“A depraved new normal” — from genocide in Gaza to ethnic cleansing in the West Bank
The Biden Administration has never taken any concrete steps to stop the Gaza genocide, and now it isn’t even bothering to voice its concerns.
It had no criticism of Israel after its April 1 attack on Iran’s diplomatic compound in Damascus that killed as many as 16 people including Iranian military commanders. Israel reportedly delayed until the very last moment giving the US notification of its impending strike, which could have dangerously widened the region’s conflicts.
But the Administration has had plenty to say about Iran’s carefully calibrated response with 350 drones and missiles on April 13 that injured a seven-year-old Bedouin girl in one of Israel’s ‘unrecognized villages’ and cost Israel and its allies (US, Britain, France, Jordan with Saudi Arabia forwarding intelligence) over $1 billion to deter. With Israel seen as the imperiled victim of what Secretary of Defense Austin called “reckless and unprecedented attacks by Iran and its proxies,” the war on Gaza no longer dominates news cycles.
President Biden took the opportunity of Iran’s retaliation to put his name on a Wall Street Journal op ed calling on Congress to immediately provide Israel and Ukraine with military aid so they can “defend themselves against brazen adversaries that seek their annihilation.” On April 20, the House voted by 366–58 to give Israel $26.38 billion (which includes $9.1 billion for humanitarian aid for Gaza and other “conflict zones”) — this on top of the $3.8 billion in military aid Israel receives annually from US taxpayers.

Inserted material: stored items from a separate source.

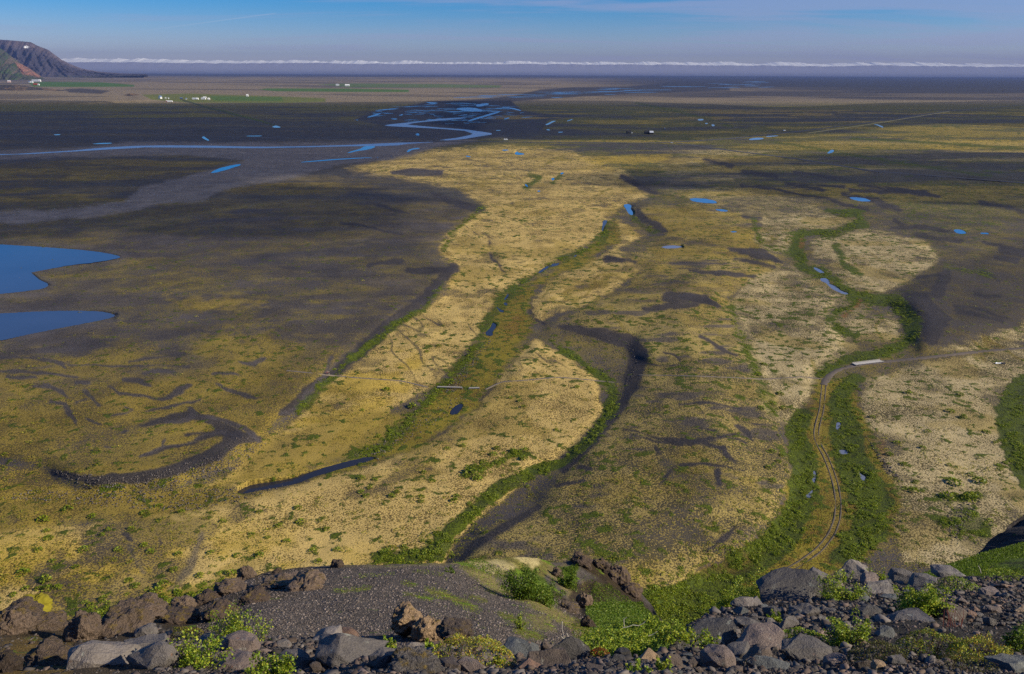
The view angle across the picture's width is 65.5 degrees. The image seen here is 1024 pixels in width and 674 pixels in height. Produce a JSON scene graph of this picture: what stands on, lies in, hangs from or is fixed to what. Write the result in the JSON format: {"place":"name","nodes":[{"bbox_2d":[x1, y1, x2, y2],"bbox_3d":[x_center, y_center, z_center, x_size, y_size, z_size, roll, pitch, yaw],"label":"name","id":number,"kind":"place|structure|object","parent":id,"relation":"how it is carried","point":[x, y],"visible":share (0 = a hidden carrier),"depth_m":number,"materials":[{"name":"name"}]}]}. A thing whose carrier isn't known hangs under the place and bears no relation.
{"place":"outdoors","nodes":[
{"label":"outdoors","id":0,"kind":"place"},
{"bbox_2d":[0,49,43,79],"bbox_3d":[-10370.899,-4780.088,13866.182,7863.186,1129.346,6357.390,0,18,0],"label":"mountain","id":1,"kind":"structure","parent":0,"point":[11,68],"depth_m":11880.62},
{"bbox_2d":[0,85,65,90],"bbox_3d":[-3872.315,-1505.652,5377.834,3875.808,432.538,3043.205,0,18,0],"label":"field","id":2,"kind":"structure","parent":0,"point":[14,87],"depth_m":5025.60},
{"bbox_2d":[0,311,114,339],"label":"lake","id":3,"kind":"structure","parent":0,"point":[14,325],"depth_m":411.90,"materials":[{"name":"liquid"}]},
{"bbox_2d":[0,244,119,293],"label":"lake","id":4,"kind":"structure","parent":0,"point":[23,262],"depth_m":543.12,"materials":[{"name":"liquid"}]},
{"bbox_2d":[0,40,147,76],"bbox_3d":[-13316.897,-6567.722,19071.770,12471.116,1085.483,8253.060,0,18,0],"label":"mountain","id":5,"kind":"structure","parent":0,"point":[41,61],"depth_m":16630.78,"materials":[{"name":"stone"}]},
{"bbox_2d":[7,128,399,141],"bbox_3d":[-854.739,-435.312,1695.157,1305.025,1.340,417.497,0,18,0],"label":"road","id":6,"kind":"structure","parent":0,"point":[207,135],"depth_m":1621.60,"materials":[{"name":"asphalt"}]},
{"bbox_2d":[0,117,491,154],"bbox_3d":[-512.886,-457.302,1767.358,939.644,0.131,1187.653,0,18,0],"label":"river","id":7,"kind":"structure","parent":0,"point":[477,133],"depth_m":1427.28,"materials":[{"name":"liquid"}]},
{"bbox_2d":[238,220,606,493],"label":"stream","id":8,"kind":"structure","parent":0,"point":[456,409],"depth_m":263.28,"materials":[{"name":"liquid"}]},
{"bbox_2d":[0,73,1023,631],"bbox_3d":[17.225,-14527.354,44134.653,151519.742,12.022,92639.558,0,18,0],"label":"ground","id":9,"kind":"structure","parent":0,"point":[260,215],"depth_m":419.87,"materials":[{"name":"plant"}]},
{"bbox_2d":[153,557,662,649],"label":"gravel knoll","id":10,"kind":"structure","parent":9,"relation":"on","point":[546,575],"depth_m":22.24,"materials":[{"name":"gravel"}]},
{"bbox_2d":[135,592,167,618],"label":"boulder","id":11,"kind":"object","parent":10,"relation":"on","point":[149,601],"visible":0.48,"depth_m":10.26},
{"bbox_2d":[159,605,201,623],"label":"boulder","id":12,"kind":"object","parent":10,"relation":"on","point":[187,614],"visible":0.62,"depth_m":17.84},
{"bbox_2d":[170,595,196,606],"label":"boulder","id":13,"kind":"object","parent":10,"relation":"on","point":[184,600],"visible":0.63,"depth_m":21.99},
{"bbox_2d":[193,588,221,605],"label":"boulder","id":14,"kind":"object","parent":10,"relation":"on","point":[206,596],"visible":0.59,"depth_m":22.99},
{"bbox_2d":[201,598,239,622],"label":"boulder","id":15,"kind":"object","parent":10,"relation":"on","point":[221,606],"visible":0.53,"depth_m":17.75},
{"bbox_2d":[213,577,250,595],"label":"boulder","id":16,"kind":"object","parent":10,"relation":"on","point":[225,586],"visible":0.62,"depth_m":23.45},
{"bbox_2d":[236,565,256,580],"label":"boulder","id":17,"kind":"object","parent":10,"relation":"on","point":[243,573],"visible":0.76,"depth_m":27.03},
{"bbox_2d":[238,585,270,605],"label":"boulder","id":18,"kind":"object","parent":10,"relation":"on","point":[256,594],"visible":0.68,"depth_m":19.44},
{"bbox_2d":[259,571,297,588],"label":"boulder","id":19,"kind":"object","parent":10,"relation":"on","point":[281,580],"visible":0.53,"depth_m":23.18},
{"bbox_2d":[284,569,325,591],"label":"boulder","id":20,"kind":"object","parent":10,"relation":"on","point":[311,579],"visible":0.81,"depth_m":22.39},
{"bbox_2d":[196,564,603,650],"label":"gravel","id":21,"kind":"structure","parent":10,"relation":"on","point":[292,608],"depth_m":17.61,"materials":[{"name":"gravel"}]},
{"bbox_2d":[390,600,442,642],"bbox_3d":[-1.366,4.134,11.454,0.496,0.531,0.945,-17,25,-42],"label":"rock pillar","id":22,"kind":"object","parent":10,"relation":"on","point":[408,618],"visible":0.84,"depth_m":11.41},
{"bbox_2d":[435,616,473,645],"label":"boulder","id":23,"kind":"object","parent":10,"relation":"on","point":[447,626],"visible":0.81,"depth_m":8.70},
{"bbox_2d":[334,565,604,642],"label":"grass tufts","id":24,"kind":"object","parent":10,"relation":"on","point":[494,594],"visible":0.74,"depth_m":22.02,"materials":[{"name":"green plant"}]},
{"bbox_2d":[499,563,544,600],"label":"willow shrub","id":25,"kind":"object","parent":10,"relation":"on","point":[526,590],"visible":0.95,"depth_m":26.37,"materials":[{"name":"green plant"}]},
{"bbox_2d":[516,578,566,608],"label":"willow shrub","id":26,"kind":"object","parent":10,"relation":"on","point":[545,599],"visible":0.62,"depth_m":26.77,"materials":[{"name":"green plant"}]},
{"bbox_2d":[463,558,634,637],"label":"grass","id":27,"kind":"structure","parent":10,"relation":"on","point":[571,569],"depth_m":35.20,"materials":[{"name":"green plant"}]},
{"bbox_2d":[556,567,578,591],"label":"willow shrub","id":28,"kind":"object","parent":10,"relation":"on","point":[569,582],"visible":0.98,"depth_m":36.75,"materials":[{"name":"green plant"}]},
{"bbox_2d":[560,600,579,613],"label":"boulder","id":29,"kind":"object","parent":10,"relation":"on","point":[571,607],"visible":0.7,"depth_m":29.90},
{"bbox_2d":[570,551,592,569],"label":"boulder","id":30,"kind":"object","parent":10,"relation":"on","point":[578,558],"visible":0.92,"depth_m":40.12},
{"bbox_2d":[576,592,592,607],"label":"rock","id":31,"kind":"object","parent":10,"relation":"on","point":[584,600],"visible":0.75,"depth_m":32.55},
{"bbox_2d":[609,564,630,584],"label":"boulder","id":32,"kind":"object","parent":10,"relation":"on","point":[619,575],"visible":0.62,"depth_m":40.43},
{"bbox_2d":[578,612,671,655],"bbox_3d":[1.172,3.225,8.544,0.941,1.012,1.916,6,19,18],"label":"birch thicket","id":33,"kind":"object","parent":10,"relation":"on","point":[651,639],"visible":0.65,"depth_m":8.50,"materials":[{"name":"green plant"}]},
{"bbox_2d":[620,582,642,599],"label":"boulder","id":34,"kind":"object","parent":10,"relation":"on","point":[634,590],"visible":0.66,"depth_m":39.67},
{"bbox_2d":[585,601,679,656],"bbox_3d":[3.920,8.462,24.065,3.349,17.382,24.981,2,18,6],"label":"gully scrub","id":35,"kind":"object","parent":10,"relation":"on","point":[614,616],"visible":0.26,"depth_m":30.66,"materials":[{"name":"green plant"}]},
{"bbox_2d":[728,566,767,600],"bbox_3d":[7.350,7.560,23.846,1.696,1.145,1.306,0,18,0],"label":"birch tree","id":36,"kind":"object","parent":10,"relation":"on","point":[752,592],"visible":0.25,"depth_m":23.90,"materials":[{"name":"green plant"}]},
{"bbox_2d":[3,331,983,545],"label":"stones","id":37,"kind":"object","parent":9,"relation":"on","point":[185,470],"visible":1,"depth_m":250.51,"materials":[{"name":"stone"}]},
{"bbox_2d":[0,245,1023,597],"bbox_3d":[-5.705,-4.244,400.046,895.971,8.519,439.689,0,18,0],"label":"tussocks","id":38,"kind":"object","parent":9,"relation":"on","point":[456,459],"visible":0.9,"depth_m":251.40,"materials":[{"name":"green plant"}]},
{"bbox_2d":[81,205,1023,629],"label":"willow scrub","id":39,"kind":"object","parent":9,"relation":"on","point":[679,611],"visible":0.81,"depth_m":236.25,"materials":[{"name":"green plant"}]},
{"bbox_2d":[0,575,1023,673],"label":"hillside","id":40,"kind":"structure","parent":0,"point":[18,647],"depth_m":7.89,"materials":[{"name":"soil"}]},
{"bbox_2d":[0,649,24,672],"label":"boulder","id":41,"kind":"object","parent":40,"relation":"on","point":[11,661],"visible":0.91,"depth_m":5.91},
{"bbox_2d":[0,604,36,634],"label":"boulder","id":42,"kind":"object","parent":40,"relation":"on","point":[15,619],"visible":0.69,"depth_m":8.19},
{"bbox_2d":[5,596,43,612],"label":"boulder","id":43,"kind":"object","parent":40,"relation":"on","point":[29,603],"visible":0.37,"depth_m":9.77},
{"bbox_2d":[23,592,52,611],"bbox_3d":[-6.303,3.544,10.554,0.400,0.272,0.397,22,12,19],"label":"moss mound","id":44,"kind":"object","parent":40,"relation":"on","point":[45,600],"visible":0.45,"depth_m":10.55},
{"bbox_2d":[24,635,73,666],"bbox_3d":[-3.661,2.551,6.293,0.418,0.198,0.362,12,28,3],"label":"boulder","id":45,"kind":"object","parent":40,"relation":"on","point":[52,650],"visible":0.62,"depth_m":6.26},
{"bbox_2d":[32,611,68,630],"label":"boulder","id":46,"kind":"object","parent":40,"relation":"on","point":[52,621],"visible":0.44,"depth_m":8.54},
{"bbox_2d":[61,609,101,641],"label":"boulder","id":47,"kind":"object","parent":40,"relation":"on","point":[83,625],"visible":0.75,"depth_m":7.93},
{"bbox_2d":[66,640,140,669],"bbox_3d":[-3.084,2.437,6.008,0.515,0.350,0.362,-1,17,-18],"label":"boulder","id":48,"kind":"object","parent":40,"relation":"on","point":[92,653],"visible":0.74,"depth_m":5.89,"materials":[{"name":"stone"}]},
{"bbox_2d":[98,597,154,638],"bbox_3d":[-4.110,3.038,8.337,0.620,0.389,0.652,3,25,23],"label":"boulder","id":49,"kind":"object","parent":40,"relation":"on","point":[129,615],"visible":0.55,"depth_m":8.28,"materials":[{"name":"stone"}]},
{"bbox_2d":[124,633,168,647],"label":"boulder","id":50,"kind":"object","parent":40,"relation":"on","point":[144,641],"visible":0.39,"depth_m":7.24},
{"bbox_2d":[134,623,158,636],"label":"boulder","id":51,"kind":"object","parent":40,"relation":"on","point":[148,628],"visible":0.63,"depth_m":7.92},
{"bbox_2d":[126,641,181,668],"bbox_3d":[-2.602,2.347,5.757,0.369,0.295,0.234,2,18,11],"label":"boulder","id":52,"kind":"object","parent":40,"relation":"on","point":[153,655],"visible":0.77,"depth_m":5.69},
{"bbox_2d":[166,626,234,669],"bbox_3d":[-2.318,2.302,5.845,0.460,0.278,0.442,14,23,36],"label":"birch shrub","id":53,"kind":"object","parent":40,"relation":"on","point":[195,660],"visible":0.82,"depth_m":5.84,"materials":[{"name":"green plant"}]},
{"bbox_2d":[217,649,258,670],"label":"boulder","id":54,"kind":"object","parent":40,"relation":"on","point":[240,661],"visible":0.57,"depth_m":5.98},
{"bbox_2d":[206,602,273,642],"bbox_3d":[-2.548,2.695,7.348,0.627,0.465,0.503,0,18,0],"label":"birch shrub","id":55,"kind":"object","parent":40,"relation":"on","point":[238,623],"visible":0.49,"depth_m":7.37,"materials":[{"name":"green plant"}]},
{"bbox_2d":[220,630,260,651],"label":"boulder","id":56,"kind":"object","parent":40,"relation":"on","point":[243,640],"visible":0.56,"depth_m":6.87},
{"bbox_2d":[244,650,301,673],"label":"birch shrub","id":57,"kind":"object","parent":40,"relation":"on","point":[280,666],"visible":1,"depth_m":5.62,"materials":[{"name":"green plant"}]},
{"bbox_2d":[278,648,311,668],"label":"boulder","id":58,"kind":"object","parent":40,"relation":"on","point":[302,660],"visible":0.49,"depth_m":6.12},
{"bbox_2d":[312,625,342,639],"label":"boulder","id":59,"kind":"object","parent":40,"relation":"on","point":[332,629],"visible":0.44,"depth_m":7.66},
{"bbox_2d":[314,633,387,667],"bbox_3d":[-1.246,2.418,6.132,0.546,0.300,0.531,13,7,14],"label":"boulder","id":60,"kind":"object","parent":40,"relation":"on","point":[335,649],"visible":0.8,"depth_m":6.02,"materials":[{"name":"stone"}]},
{"bbox_2d":[368,647,394,668],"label":"boulder","id":61,"kind":"object","parent":40,"relation":"on","point":[380,657],"visible":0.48,"depth_m":5.40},
{"bbox_2d":[386,645,442,673],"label":"boulder","id":62,"kind":"object","parent":40,"relation":"on","point":[405,657],"visible":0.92,"depth_m":5.30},
{"bbox_2d":[439,656,461,670],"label":"boulder","id":63,"kind":"object","parent":40,"relation":"on","point":[451,661],"visible":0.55,"depth_m":5.85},
{"bbox_2d":[458,656,486,671],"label":"boulder","id":64,"kind":"object","parent":40,"relation":"on","point":[468,664],"visible":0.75,"depth_m":5.84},
{"bbox_2d":[431,626,516,667],"bbox_3d":[-0.316,2.423,6.124,0.717,0.282,0.584,0,18,0],"label":"crowberry mat","id":65,"kind":"object","parent":40,"relation":"on","point":[482,640],"visible":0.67,"depth_m":6.17,"materials":[{"name":"green plant"}]},
{"bbox_2d":[0,575,1023,673],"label":"scree","id":66,"kind":"structure","parent":40,"relation":"on","point":[271,644],"depth_m":6.67,"materials":[{"name":"stone"}]},
{"bbox_2d":[502,636,539,656],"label":"boulder","id":67,"kind":"object","parent":40,"relation":"on","point":[514,645],"visible":0.52,"depth_m":7.25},
{"bbox_2d":[527,647,570,665],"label":"boulder","id":68,"kind":"object","parent":40,"relation":"on","point":[552,657],"visible":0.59,"depth_m":6.07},
{"bbox_2d":[550,636,589,659],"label":"boulder","id":69,"kind":"object","parent":40,"relation":"on","point":[573,647],"visible":0.41,"depth_m":6.58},
{"bbox_2d":[160,577,1023,673],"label":"plants","id":70,"kind":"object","parent":40,"relation":"on","point":[879,619],"visible":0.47,"depth_m":5.75,"materials":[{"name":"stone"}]},
{"bbox_2d":[603,622,658,656],"bbox_3d":[1.319,3.303,8.752,0.711,0.407,0.579,0,18,0],"label":"birch shrub","id":71,"kind":"object","parent":40,"relation":"on","point":[626,630],"visible":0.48,"depth_m":8.74,"materials":[{"name":"green plant"}]},
{"bbox_2d":[651,615,710,647],"bbox_3d":[1.494,2.595,7.000,0.528,0.335,0.358,0,18,0],"label":"birch shrub","id":72,"kind":"object","parent":40,"relation":"on","point":[662,632],"visible":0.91,"depth_m":6.99,"materials":[{"name":"green plant"}]},
{"bbox_2d":[685,617,736,645],"bbox_3d":[1.859,2.821,7.417,0.474,0.302,0.354,-4,12,-9],"label":"boulder","id":73,"kind":"object","parent":40,"relation":"on","point":[724,628],"visible":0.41,"depth_m":7.40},
{"bbox_2d":[699,644,735,667],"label":"boulder","id":74,"kind":"object","parent":40,"relation":"on","point":[717,656],"visible":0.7,"depth_m":5.79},
{"bbox_2d":[715,584,740,608],"bbox_3d":[6.839,8.196,24.873,1.070,0.821,0.838,0,18,0],"label":"birch tree","id":75,"kind":"object","parent":40,"relation":"on","point":[725,602],"visible":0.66,"depth_m":24.77,"materials":[{"name":"green plant"}]},
{"bbox_2d":[727,641,749,658],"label":"boulder","id":76,"kind":"object","parent":40,"relation":"on","point":[740,649],"visible":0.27,"depth_m":6.47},
{"bbox_2d":[730,596,753,606],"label":"boulder","id":77,"kind":"object","parent":40,"relation":"on","point":[742,601],"visible":0.72,"depth_m":10.76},
{"bbox_2d":[733,616,761,627],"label":"boulder","id":78,"kind":"object","parent":40,"relation":"on","point":[740,622],"visible":0.45,"depth_m":8.30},
{"bbox_2d":[743,645,772,661],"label":"boulder","id":79,"kind":"object","parent":40,"relation":"on","point":[759,650],"visible":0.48,"depth_m":6.19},
{"bbox_2d":[736,622,783,649],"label":"boulder","id":80,"kind":"object","parent":40,"relation":"on","point":[769,634],"visible":0.75,"depth_m":7.18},
{"bbox_2d":[746,655,789,669],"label":"boulder","id":81,"kind":"object","parent":40,"relation":"on","point":[767,662],"visible":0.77,"depth_m":5.80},
{"bbox_2d":[756,567,822,602],"bbox_3d":[4.092,3.803,11.745,0.939,0.506,0.745,-4,28,-2],"label":"boulder","id":82,"kind":"object","parent":40,"relation":"on","point":[785,583],"visible":0.54,"depth_m":11.69,"materials":[{"name":"stone"}]},
{"bbox_2d":[787,603,820,616],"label":"boulder","id":83,"kind":"object","parent":40,"relation":"on","point":[808,609],"visible":0.69,"depth_m":9.52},
{"bbox_2d":[781,633,832,661],"bbox_3d":[2.444,2.631,6.595,0.458,0.207,0.325,16,32,5],"label":"boulder","id":84,"kind":"object","parent":40,"relation":"on","point":[800,646],"visible":0.76,"depth_m":6.56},
{"bbox_2d":[783,626,830,643],"bbox_3d":[2.683,2.760,7.316,0.522,0.170,0.419,0,18,0],"label":"crowberry mat","id":85,"kind":"object","parent":40,"relation":"on","point":[810,633],"visible":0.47,"depth_m":7.36,"materials":[{"name":"green plant"}]},
{"bbox_2d":[823,652,848,667],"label":"boulder","id":86,"kind":"object","parent":40,"relation":"on","point":[836,659],"visible":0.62,"depth_m":5.99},
{"bbox_2d":[810,571,871,601],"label":"birch shrub","id":87,"kind":"object","parent":40,"relation":"on","point":[834,594],"visible":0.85,"depth_m":11.21,"materials":[{"name":"green plant"}]},
{"bbox_2d":[820,605,875,646],"bbox_3d":[3.034,2.644,7.143,0.480,0.325,0.379,-2,18,-6],"label":"birch shrub","id":88,"kind":"object","parent":40,"relation":"on","point":[840,628],"visible":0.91,"depth_m":7.14,"materials":[{"name":"green plant"}]},
{"bbox_2d":[836,559,868,578],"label":"boulder","id":89,"kind":"object","parent":40,"relation":"on","point":[855,566],"visible":0.46,"depth_m":14.63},
{"bbox_2d":[855,604,882,616],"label":"boulder","id":90,"kind":"object","parent":40,"relation":"on","point":[866,609],"visible":0.56,"depth_m":9.55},
{"bbox_2d":[847,638,908,665],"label":"heather","id":91,"kind":"object","parent":40,"relation":"on","point":[872,649],"visible":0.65,"depth_m":5.94,"materials":[{"name":"green plant"}]},
{"bbox_2d":[864,580,894,593],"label":"boulder","id":92,"kind":"object","parent":40,"relation":"on","point":[880,586],"visible":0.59,"depth_m":12.29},
{"bbox_2d":[874,625,894,637],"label":"boulder","id":93,"kind":"object","parent":40,"relation":"on","point":[884,631],"visible":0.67,"depth_m":7.51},
{"bbox_2d":[887,568,912,582],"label":"boulder","id":94,"kind":"object","parent":40,"relation":"on","point":[900,574],"visible":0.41,"depth_m":14.07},
{"bbox_2d":[885,608,935,622],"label":"boulder","id":95,"kind":"object","parent":40,"relation":"on","point":[918,614],"visible":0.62,"depth_m":8.94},
{"bbox_2d":[907,572,936,586],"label":"boulder","id":96,"kind":"object","parent":40,"relation":"on","point":[918,579],"visible":0.59,"depth_m":13.54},
{"bbox_2d":[889,582,957,616],"bbox_3d":[5.024,3.200,9.649,0.762,0.486,0.567,0,18,0],"label":"birch shrub","id":97,"kind":"object","parent":40,"relation":"on","point":[925,606],"visible":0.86,"depth_m":9.60,"materials":[{"name":"green plant"}]},
{"bbox_2d":[894,621,978,660],"bbox_3d":[3.350,2.421,6.255,0.647,0.261,0.523,0,18,0],"label":"crowberry mat","id":98,"kind":"object","parent":40,"relation":"on","point":[937,636],"visible":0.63,"depth_m":6.31,"materials":[{"name":"green plant"}]},
{"bbox_2d":[930,564,965,576],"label":"boulder","id":99,"kind":"object","parent":40,"relation":"on","point":[939,570],"visible":0.8,"depth_m":15.28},
{"bbox_2d":[933,601,967,621],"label":"boulder","id":100,"kind":"object","parent":40,"relation":"on","point":[960,610],"visible":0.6,"depth_m":9.49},
{"bbox_2d":[933,573,981,590],"bbox_3d":[7.258,4.005,12.901,0.766,0.278,0.625,0,18,0],"label":"crowberry mat","id":101,"kind":"object","parent":40,"relation":"on","point":[959,580],"visible":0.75,"depth_m":12.96,"materials":[{"name":"green plant"}]},
{"bbox_2d":[936,652,1005,672],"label":"heather","id":102,"kind":"object","parent":40,"relation":"on","point":[970,654],"visible":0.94,"depth_m":5.62,"materials":[{"name":"green plant"}]},
{"bbox_2d":[944,627,1013,663],"bbox_3d":[3.616,2.380,6.093,0.533,0.304,0.432,0,18,0],"label":"crowberry mat","id":103,"kind":"object","parent":40,"relation":"on","point":[992,646],"visible":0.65,"depth_m":6.12,"materials":[{"name":"green plant"}]},
{"bbox_2d":[984,653,1023,672],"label":"boulder","id":104,"kind":"object","parent":40,"relation":"on","point":[1013,663],"visible":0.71,"depth_m":5.78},
{"bbox_2d":[998,622,1023,654],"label":"birch shrub","id":105,"kind":"object","parent":40,"relation":"on","point":[1016,644],"visible":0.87,"depth_m":6.84,"materials":[{"name":"green plant"}]},
{"bbox_2d":[0,0,1023,64],"label":"sky","id":106,"kind":"structure","parent":0,"point":[483,31],"materials":[{"name":"blue"}]},
{"bbox_2d":[61,58,1023,66],"bbox_3d":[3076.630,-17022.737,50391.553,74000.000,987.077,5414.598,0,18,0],"label":"cloud","id":107,"kind":"structure","parent":0,"point":[144,60],"depth_m":49525.19,"materials":[{"name":"white"}]},
{"bbox_2d":[67,62,1023,76],"bbox_3d":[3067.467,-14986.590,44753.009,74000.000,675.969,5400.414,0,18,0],"label":"cloud","id":108,"kind":"structure","parent":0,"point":[550,69],"depth_m":42345.30,"materials":[{"name":"grey"}]},
{"bbox_2d":[369,81,768,134],"bbox_3d":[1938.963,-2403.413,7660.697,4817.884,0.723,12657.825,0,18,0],"label":"braided river","id":109,"kind":"structure","parent":0,"point":[468,109],"depth_m":2996.93,"materials":[{"name":"liquid"}]},
{"bbox_2d":[414,105,1017,142],"bbox_3d":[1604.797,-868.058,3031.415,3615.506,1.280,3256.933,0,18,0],"label":"road","id":110,"kind":"structure","parent":0,"point":[713,139],"depth_m":1611.63,"materials":[{"name":"asphalt"}]},
{"bbox_2d":[788,384,835,567],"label":"track","id":111,"kind":"structure","parent":0,"point":[821,542],"depth_m":248.79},
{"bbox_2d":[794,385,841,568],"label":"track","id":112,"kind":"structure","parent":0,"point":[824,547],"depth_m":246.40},
{"bbox_2d":[806,267,865,497],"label":"stream","id":113,"kind":"structure","parent":0,"point":[835,288],"depth_m":303.32,"materials":[{"name":"liquid"}]},
{"bbox_2d":[678,143,1023,182],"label":"road","id":114,"kind":"structure","parent":0,"point":[856,168],"depth_m":1107.62,"materials":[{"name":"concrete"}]},
{"bbox_2d":[820,347,1023,384],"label":"gravel road","id":115,"kind":"structure","parent":0,"point":[826,379],"depth_m":367.66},
{"bbox_2d":[922,542,1023,576],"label":"grass bank","id":116,"kind":"structure","parent":0,"point":[1018,563],"depth_m":27.51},
{"bbox_2d":[977,515,1023,553],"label":"cliff","id":117,"kind":"structure","parent":0,"point":[1013,533],"depth_m":36.32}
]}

According to some reports, Netanyahu agreed not to strike back at Iran in a way that could drag the US into a larger war in exchange for US backing for an Israeli operation against Rafah in the Gaza Strip. Israel’s subsequent “limited” strike on a military base outside Isfahan on April 19 was condemned as “lame” by National Security Minister Ben Gvir, but must have brought relief to the White House.
Meanwhile, the US continues to shield Israel at the UN Security Council. On April 3, It prevented the body from issuing a statement condemning Israel’s attack on the Iranian diplomatic compound, saying that it had not yet determined the status of the building that was hit. Weeks later, the State Department spokesperson Matthew Miller said the Administration still had not “made a determination” whether Israel had bombed the kind of diplomatic facility that is supposed to be accorded special protection under international law.
On April 18, the US provided the sole veto (the UK and Switzerland abstained) to defeat the Palestinian effort to gain full UN membership for the State of Palestine, which was supported by 12 countries as a step towards the ‘two-state solution’ that the US claims to embrace.
The genocidal war grinds on
Not including at least 7,000 bodies that have never been recovered, the casualty figures compiled by the Gaza Health Ministry are now more than 34,000 killed (including some 15,000 children and over 10,000 women) and nearly 77, 000 injured: that’s five percent of Gaza’s population (the per capita equivalent of 17 million Americans). According to UNICEF, a child is killed or injured in Gaza every ten minutes.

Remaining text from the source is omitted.